Review Summary: 1) Reads album title, 2) Dusts off Chad Kroeger impression
Kevin Morby has had an interesting career trajectory. A former member of the psych/folk band Woods, he went solo about a decade ago, releasing two competent folk records before gaining a larger audience with his third LP, 2016’s
Singing Saw. Featuring more adventurous instrumentation than your average folk release,
Singing Saw was catchy and broadly appealing, standing as one of the genre’s more memorable efforts in some time (not to mention being an essential entry in the Sowingcore canon). After that, though, Morby’s next three albums never reached the same heights. Indeed, they never tried to, seemingly leaning into an easy-going, middle-of-the-road folk sound. This doesn’t mean that the artist’s career suffered though, as he continued gaining greater prominence. After all, if you think you’ve never heard Kevin Morby’s music, you might be wrong. He’s that guy serenading you from your living room TV on the next Airbnb commercial.

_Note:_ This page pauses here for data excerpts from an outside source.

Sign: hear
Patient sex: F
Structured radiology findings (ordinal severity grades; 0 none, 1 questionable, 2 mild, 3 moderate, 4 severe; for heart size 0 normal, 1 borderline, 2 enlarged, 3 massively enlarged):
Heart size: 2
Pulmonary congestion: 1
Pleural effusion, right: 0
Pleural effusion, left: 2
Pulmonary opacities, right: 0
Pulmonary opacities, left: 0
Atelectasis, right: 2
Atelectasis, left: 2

This Is A Photograph feels distinct from the (largely) milquetoast stretch of the singer-songwriter’s career which followed
Singing Saw. This isn’t because it’s a markedly better album overall (see the middling score affixed to this review), but simply because it at least aspires to something more. Press around the album focuses on how the music explores themes of life, death, and history inspired by concerns for the health of the artist’s own father, as well as Morby’s recent time spent in Memphis, a city marked by repeated tragedies.
This Is A Photograph is indeed dominated by those ideas, and it’s a record which frequently seems on the verge of great success (as Borat might say). Ultimately, though, it doesn’t all come together, leaving a finished product roughly equivalent in quality to the less-ambitious three albums which came before it.

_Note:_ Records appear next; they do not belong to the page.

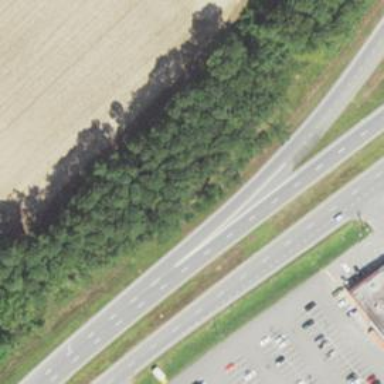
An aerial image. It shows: View of motorway.
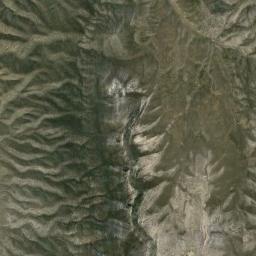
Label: mountain
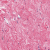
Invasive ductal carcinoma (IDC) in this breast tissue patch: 0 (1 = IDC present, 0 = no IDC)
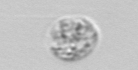
Label: Amoeba
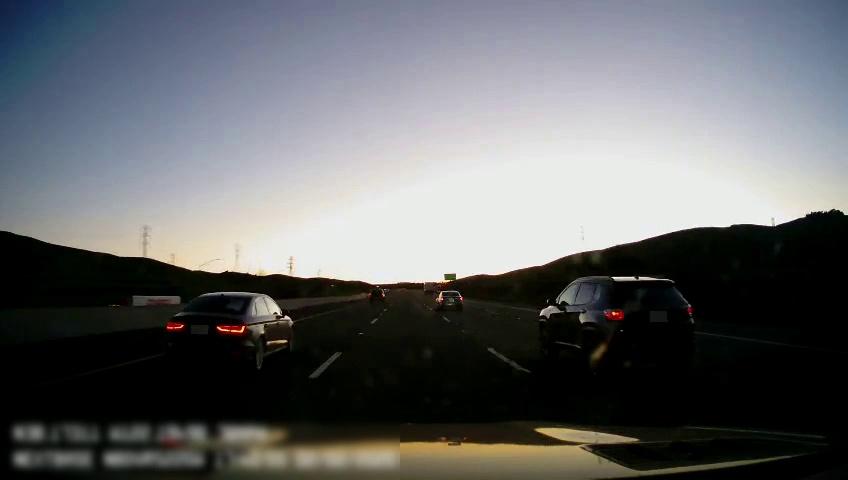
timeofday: Day
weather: Sunny
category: Drivable Space
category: Vehicles | Truck
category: Vehicles | Car
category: Vehicles | Truck
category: Vehicles | Car
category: Vehicles | SUV
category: Vehicles | SUV
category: Lanes | Alternate Lane
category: Lanes | Current Lane
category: Lanes | Current Lane
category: Lanes | Alternate Lane
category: Lanes | Alternate Lane
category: Traffic | Signs
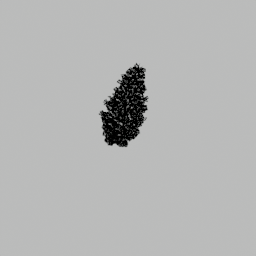
Label: nature
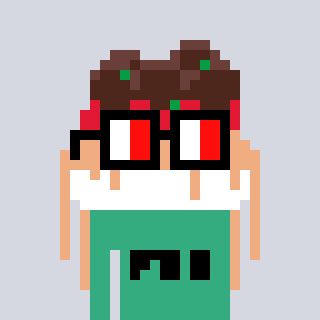
a pixel art character with square glasses with black frames and red eyes, a spaghetti-shaped head and a teal-colored body on a cool background
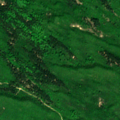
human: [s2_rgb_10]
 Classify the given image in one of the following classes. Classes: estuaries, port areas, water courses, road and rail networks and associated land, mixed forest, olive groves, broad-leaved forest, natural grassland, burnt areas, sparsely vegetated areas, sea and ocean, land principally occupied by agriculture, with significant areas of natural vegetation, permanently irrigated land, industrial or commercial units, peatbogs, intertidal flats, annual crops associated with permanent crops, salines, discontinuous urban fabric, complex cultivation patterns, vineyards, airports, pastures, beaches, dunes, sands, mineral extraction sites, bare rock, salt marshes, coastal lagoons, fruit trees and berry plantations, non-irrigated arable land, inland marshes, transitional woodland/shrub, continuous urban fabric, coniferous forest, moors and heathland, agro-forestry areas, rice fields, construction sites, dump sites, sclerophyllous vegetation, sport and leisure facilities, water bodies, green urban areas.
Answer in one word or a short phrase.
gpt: broad-leaved forest, mixed forest
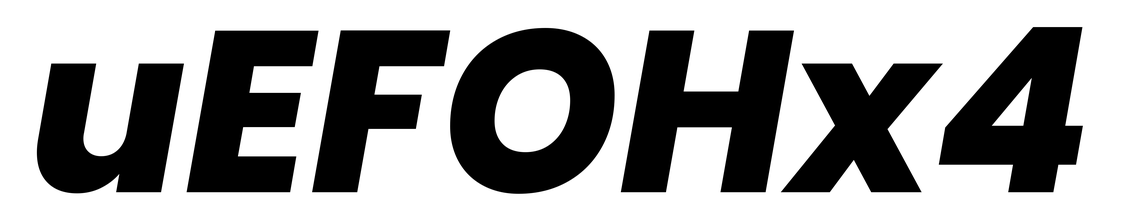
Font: Poppins-ExtraBoldItalic
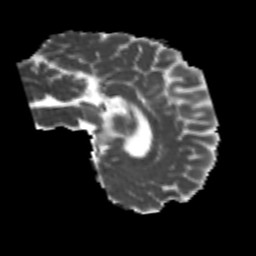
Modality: MD
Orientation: sagittal
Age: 22
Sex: male
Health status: healthy
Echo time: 0.074 s
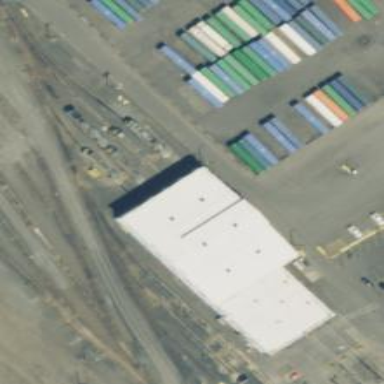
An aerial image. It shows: Railway yard in service.
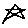
Label: star
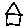
Label: house

The title track, which marks the album’s true beginning after a short and rather unnecessary interlude, forms a good baseline for understanding this LP. The song ponders a picture of Morby’s dad, in younger years, against a backdrop of his modern-day issues. Strong lyrical imagery like “now time’s the undefeated, the heavy-weight champ” lays the groundwork for an epic album exploring age and decay, both on the personal level and on a national scale. This sort of thing isn’t unique, sure, but it could be pretty compelling in the right hands. Unfortunately, though, that hope for a coherent masterpiece withers by the end of the tune, with Morby shouting over and over “this is what I’ll miss about being alive, this is what I’ll miss after I die”. It’s frankly rather irritating, and demonstrates a frequent problem which blights this album, and has cropped up on several of his recent albums as well: while there are some wonderful lines here, some of the lyrics are pedestrian, and often it’s the pedestrian lines which are repeated like mantras. In a genre like folk, lyrics are important, even if Morby’s evocative voice can frequently allow the listener to ignore some mediocre lines. The effortless profundity he brings to a tune vocally is a double-edged sword, though. Feel free to listen to “Wander” from Morby’s 2020 effort
Sundowner, in which the singer recites third-grade level poetry in a tone which suggests he believes he’s uncovered the meaning of life. To be fair, nothing on
This Is A Photograph is as galling as that example, but the weakness is still present.
The next few songs which follow are the album’s strongest stretch: “A Random Act Of Kindness”, “Bittersweet, TN”, and “Disappearing”, wonderful folk cuts (the last rather bluesy) with themes of aging and the passage of time. They don’t represent the album at its most ambitious, but these tunes are warm and well-crafted. The record’s second half, meanwhile, is much more of a mixed bag. There’s the heavier “Rock Bottom”, which definitely comes across as a failed experiment, juxtaposed with the beautiful “Stop Before I Cry”, a love letter to partner Katie Crutchfield (of Waxahatchee fame).
Discussing closer “Goodbye To The Good Times” is an appropriate way to end this review, as it encapsulates both the appeal and the failures of this album. Singing about his father getting Mickey Mantle’s autograph, Morby draws deep from the well of Americana lore, musing (close to cliche, but appealingly nonetheless) that “they just don’t make ‘em like that no more”. Later on, though, the song devolves into a repeated line “sometimes the good die young, and sometimes they survive”. While there’s nothing untrue about that statement, it’s mundane enough to make me wince, and forms an appropriately unsatisfying ending to an album which seems to often bite off more than it can chew.
This Is A Photograph is an album which aims for an impressively grand vision, but rarely hits the mark. In its less grandiose moments, though, it’s frequently successful, providing the listener with a number of lovely folk tunes.